> _Excerpted data_:
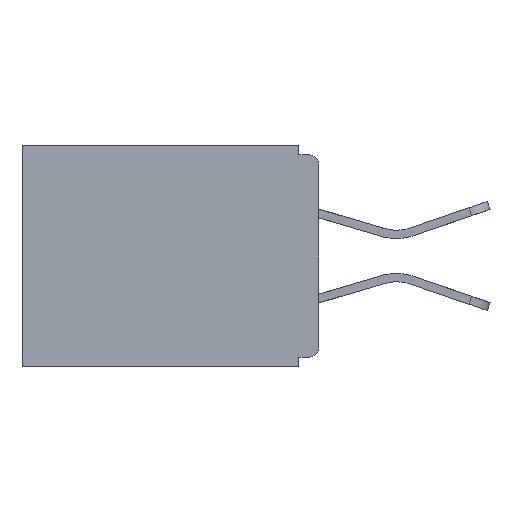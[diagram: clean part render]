
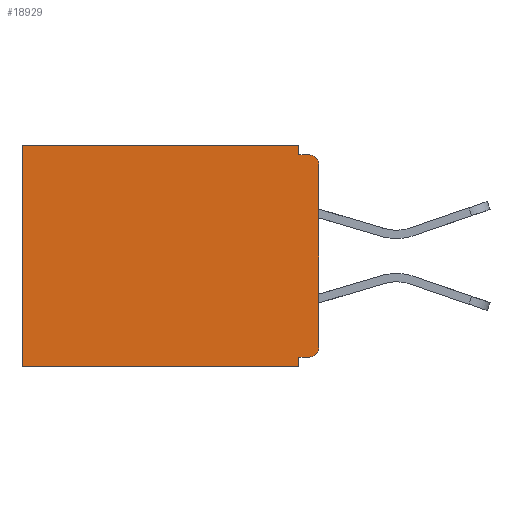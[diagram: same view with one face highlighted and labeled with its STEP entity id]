
A CAD part, left-side view. The second image highlights one B-rep face of the part: STEP entity #18929.
In plain terms, the highlighted planar face has unit normal (-1, 0, 0).
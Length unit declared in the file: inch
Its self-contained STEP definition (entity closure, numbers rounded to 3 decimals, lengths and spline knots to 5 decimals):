
#356 = CARTESIAN_POINT ( 'NONE',  ( 0.298, 0.015, -0.313 ) ) ;
#694 = EDGE_CURVE ( 'NONE', #7418, #921, #24388, .T. ) ;
#921 = VERTEX_POINT ( 'NONE', #14927 ) ;
#989 = EDGE_CURVE ( 'NONE', #15169, #17215, #26130, .T. ) ;
#1030 = DIRECTION ( 'NONE',  ( 1., 0., 0. ) ) ;
#1492 = VERTEX_POINT ( 'NONE', #11316 ) ;
#1524 = AXIS2_PLACEMENT_3D ( 'NONE', #15701, #27052, #29169 ) ;
#1672 = EDGE_CURVE ( 'NONE', #1492, #11050, #10795, .T. ) ;
#1765 = ORIENTED_EDGE ( 'NONE', *, *, #5631, .F. ) ;
#2689 = CARTESIAN_POINT ( 'NONE',  ( 0.298, 0., -0.343 ) ) ;
#3168 = CARTESIAN_POINT ( 'NONE',  ( 0.298, 0.015, -0.328 ) ) ;
#3174 = CIRCLE ( 'NONE', #25162, 0.015 ) ;
#3233 = VERTEX_POINT ( 'NONE', #3168 ) ;
#3866 = CARTESIAN_POINT ( 'NONE',  ( 0.298, 0.46, 0. ) ) ;
#3954 = CARTESIAN_POINT ( 'NONE',  ( 0.298, 0.46, -0.343 ) ) ;
#3998 = DIRECTION ( 'NONE',  ( 0., 0., -1. ) ) ;
#4060 = EDGE_CURVE ( 'NONE', #15169, #23101, #15295, .T. ) ;
#4082 = ORIENTED_EDGE ( 'NONE', *, *, #989, .F. ) ;
#4786 = VECTOR ( 'NONE', #7127, 39.37008 ) ;
#4934 = CARTESIAN_POINT ( 'NONE',  ( 0.298, 0.031, -0.343 ) ) ;
#4964 = CARTESIAN_POINT ( 'NONE',  ( 0.298, 0., -0.03 ) ) ;
#5511 = VECTOR ( 'NONE', #19709, 39.37008 ) ;
#5631 = EDGE_CURVE ( 'NONE', #3233, #7418, #12599, .T. ) ;
#6684 = CARTESIAN_POINT ( 'NONE',  ( 0.298, 0., 0. ) ) ;
#7127 = DIRECTION ( 'NONE',  ( 0., 1., 0. ) ) ;
#7418 = VERTEX_POINT ( 'NONE', #23358 ) ;
#8050 = ORIENTED_EDGE ( 'NONE', *, *, #10717, .F. ) ;
#8217 = EDGE_CURVE ( 'NONE', #921, #12966, #16311, .T. ) ;
#8250 = EDGE_CURVE ( 'NONE', #11050, #12966, #14158, .T. ) ;
#9348 = VERTEX_POINT ( 'NONE', #18128 ) ;
#10717 = EDGE_CURVE ( 'NONE', #9348, #23101, #25782, .T. ) ;
#10786 = VECTOR ( 'NONE', #22284, 39.37008 ) ;
#10795 = LINE ( 'NONE', #20951, #4786 ) ;
#11050 = VERTEX_POINT ( 'NONE', #3866 ) ;
#11316 = CARTESIAN_POINT ( 'NONE',  ( 0.298, 0.031, 0. ) ) ;
#12018 = DIRECTION ( 'NONE',  ( 0., 1., 0. ) ) ;
#12576 = VECTOR ( 'NONE', #16250, 39.37008 ) ;
#12599 = LINE ( 'NONE', #22685, #10786 ) ;
#12966 = VERTEX_POINT ( 'NONE', #3954 ) ;
#13500 = ORIENTED_EDGE ( 'NONE', *, *, #8250, .T. ) ;
#13907 = CARTESIAN_POINT ( 'NONE',  ( 0.298, 0.46, 0. ) ) ;
#14158 = LINE ( 'NONE', #13907, #24483 ) ;
#14429 = DIRECTION ( 'NONE',  ( 0., 0., -1. ) ) ;
#14634 = CARTESIAN_POINT ( 'NONE',  ( 0.298, 0., 0. ) ) ;
#14927 = CARTESIAN_POINT ( 'NONE',  ( 0.298, 0.031, -0.343 ) ) ;
#15169 = VERTEX_POINT ( 'NONE', #4964 ) ;
#15295 = CIRCLE ( 'NONE', #1524, 0.015 ) ;
#15324 = ORIENTED_EDGE ( 'NONE', *, *, #8217, .F. ) ;
#15701 = CARTESIAN_POINT ( 'NONE',  ( 0.298, 0.015, -0.03 ) ) ;
#16250 = DIRECTION ( 'NONE',  ( 0., 0., -1. ) ) ;
#16252 = CARTESIAN_POINT ( 'NONE',  ( 0.298, 0.031, -0.343 ) ) ;
#16311 = LINE ( 'NONE', #2689, #26293 ) ;
#16353 = DIRECTION ( 'NONE',  ( -1., 0., 0. ) ) ;
#17141 = AXIS2_PLACEMENT_3D ( 'NONE', #14634, #1030, #14429 ) ;
#17215 = VERTEX_POINT ( 'NONE', #28867 ) ;
#17241 = VECTOR ( 'NONE', #25690, 39.37008 ) ;
#17776 = CARTESIAN_POINT ( 'NONE',  ( 0.298, 0.015, -0.015 ) ) ;
#18128 = CARTESIAN_POINT ( 'NONE',  ( 0.298, 0.031, -0.015 ) ) ;
#18732 = EDGE_CURVE ( 'NONE', #3233, #17215, #3174, .T. ) ;
#18929 = ADVANCED_FACE ( 'NONE', ( #28775 ), #21518, .F. ) ;
#19091 = ORIENTED_EDGE ( 'NONE', *, *, #1672, .T. ) ;
#19315 = CARTESIAN_POINT ( 'NONE',  ( 0.298, 0., -0.015 ) ) ;
#19415 = ORIENTED_EDGE ( 'NONE', *, *, #18732, .T. ) ;
#19709 = DIRECTION ( 'NONE',  ( 0., -1., 0. ) ) ;
#20875 = DIRECTION ( 'NONE',  ( 0., 0., -1. ) ) ;
#20951 = CARTESIAN_POINT ( 'NONE',  ( 0.298, 0., 0. ) ) ;
#21518 = PLANE ( 'NONE',  #17141 ) ;
#22284 = DIRECTION ( 'NONE',  ( 0., 1., 0. ) ) ;
#22685 = CARTESIAN_POINT ( 'NONE',  ( 0.298, 0., -0.328 ) ) ;
#23101 = VERTEX_POINT ( 'NONE', #17776 ) ;
#23358 = CARTESIAN_POINT ( 'NONE',  ( 0.298, 0.031, -0.328 ) ) ;
#23612 = ORIENTED_EDGE ( 'NONE', *, *, #4060, .T. ) ;
#23647 = ORIENTED_EDGE ( 'NONE', *, *, #26021, .F. ) ;
#24388 = LINE ( 'NONE', #16252, #17241 ) ;
#24483 = VECTOR ( 'NONE', #20875, 39.37008 ) ;
#25162 = AXIS2_PLACEMENT_3D ( 'NONE', #356, #16353, #25510 ) ;
#25510 = DIRECTION ( 'NONE',  ( 0., 0., -1. ) ) ;
#25622 = ORIENTED_EDGE ( 'NONE', *, *, #694, .F. ) ;
#25690 = DIRECTION ( 'NONE',  ( 0., 0., -1. ) ) ;
#25782 = LINE ( 'NONE', #19315, #5511 ) ;
#26021 = EDGE_CURVE ( 'NONE', #1492, #9348, #28953, .T. ) ;
#26130 = LINE ( 'NONE', #6684, #27914 ) ;
#26293 = VECTOR ( 'NONE', #12018, 39.37008 ) ;
#27052 = DIRECTION ( 'NONE',  ( -1., 0., 0. ) ) ;
#27914 = VECTOR ( 'NONE', #3998, 39.37008 ) ;
#28150 = EDGE_LOOP ( 'NONE', ( #23612, #8050, #23647, #19091, #13500, #15324, #25622, #1765, #19415, #4082 ) ) ;
#28775 = FACE_OUTER_BOUND ( 'NONE', #28150, .T. ) ;
#28867 = CARTESIAN_POINT ( 'NONE',  ( 0.298, 0., -0.313 ) ) ;
#28953 = LINE ( 'NONE', #4934, #12576 ) ;
#29169 = DIRECTION ( 'NONE',  ( 0., 0., -1. ) ) ;

> _Assignment_: Beginning at the line above with "#10795 = LINE ( 'NONE', #20951, #4786 ) ;" and finishing at the line with "#23101 = VERTEX_POINT ( 'NONE', #17776 ) ;", return each line exactly and return nothing else.

> _Result_:
#10795 = LINE ( 'NONE', #20951, #4786 ) ;
#11050 = VERTEX_POINT ( 'NONE', #3866 ) ;
#11316 = CARTESIAN_POINT ( 'NONE',  ( 0.298, 0.031, 0. ) ) ;
#12018 = DIRECTION ( 'NONE',  ( 0., 1., 0. ) ) ;
#12576 = VECTOR ( 'NONE', #16250, 39.37008 ) ;
#12599 = LINE ( 'NONE', #22685, #10786 ) ;
#12966 = VERTEX_POINT ( 'NONE', #3954 ) ;
#13500 = ORIENTED_EDGE ( 'NONE', *, *, #8250, .T. ) ;
#13907 = CARTESIAN_POINT ( 'NONE',  ( 0.298, 0.46, 0. ) ) ;
#14158 = LINE ( 'NONE', #13907, #24483 ) ;
#14429 = DIRECTION ( 'NONE',  ( 0., 0., -1. ) ) ;
#14634 = CARTESIAN_POINT ( 'NONE',  ( 0.298, 0., 0. ) ) ;
#14927 = CARTESIAN_POINT ( 'NONE',  ( 0.298, 0.031, -0.343 ) ) ;
#15169 = VERTEX_POINT ( 'NONE', #4964 ) ;
#15295 = CIRCLE ( 'NONE', #1524, 0.015 ) ;
#15324 = ORIENTED_EDGE ( 'NONE', *, *, #8217, .F. ) ;
#15701 = CARTESIAN_POINT ( 'NONE',  ( 0.298, 0.015, -0.03 ) ) ;
#16250 = DIRECTION ( 'NONE',  ( 0., 0., -1. ) ) ;
#16252 = CARTESIAN_POINT ( 'NONE',  ( 0.298, 0.031, -0.343 ) ) ;
#16311 = LINE ( 'NONE', #2689, #26293 ) ;
#16353 = DIRECTION ( 'NONE',  ( -1., 0., 0. ) ) ;
#17141 = AXIS2_PLACEMENT_3D ( 'NONE', #14634, #1030, #14429 ) ;
#17215 = VERTEX_POINT ( 'NONE', #28867 ) ;
#17241 = VECTOR ( 'NONE', #25690, 39.37008 ) ;
#17776 = CARTESIAN_POINT ( 'NONE',  ( 0.298, 0.015, -0.015 ) ) ;
#18128 = CARTESIAN_POINT ( 'NONE',  ( 0.298, 0.031, -0.015 ) ) ;
#18732 = EDGE_CURVE ( 'NONE', #3233, #17215, #3174, .T. ) ;
#18929 = ADVANCED_FACE ( 'NONE', ( #28775 ), #21518, .F. ) ;
#19091 = ORIENTED_EDGE ( 'NONE', *, *, #1672, .T. ) ;
#19315 = CARTESIAN_POINT ( 'NONE',  ( 0.298, 0., -0.015 ) ) ;
#19415 = ORIENTED_EDGE ( 'NONE', *, *, #18732, .T. ) ;
#19709 = DIRECTION ( 'NONE',  ( 0., -1., 0. ) ) ;
#20875 = DIRECTION ( 'NONE',  ( 0., 0., -1. ) ) ;
#20951 = CARTESIAN_POINT ( 'NONE',  ( 0.298, 0., 0. ) ) ;
#21518 = PLANE ( 'NONE',  #17141 ) ;
#22284 = DIRECTION ( 'NONE',  ( 0., 1., 0. ) ) ;
#22685 = CARTESIAN_POINT ( 'NONE',  ( 0.298, 0., -0.328 ) ) ;
#23101 = VERTEX_POINT ( 'NONE', #17776 ) ;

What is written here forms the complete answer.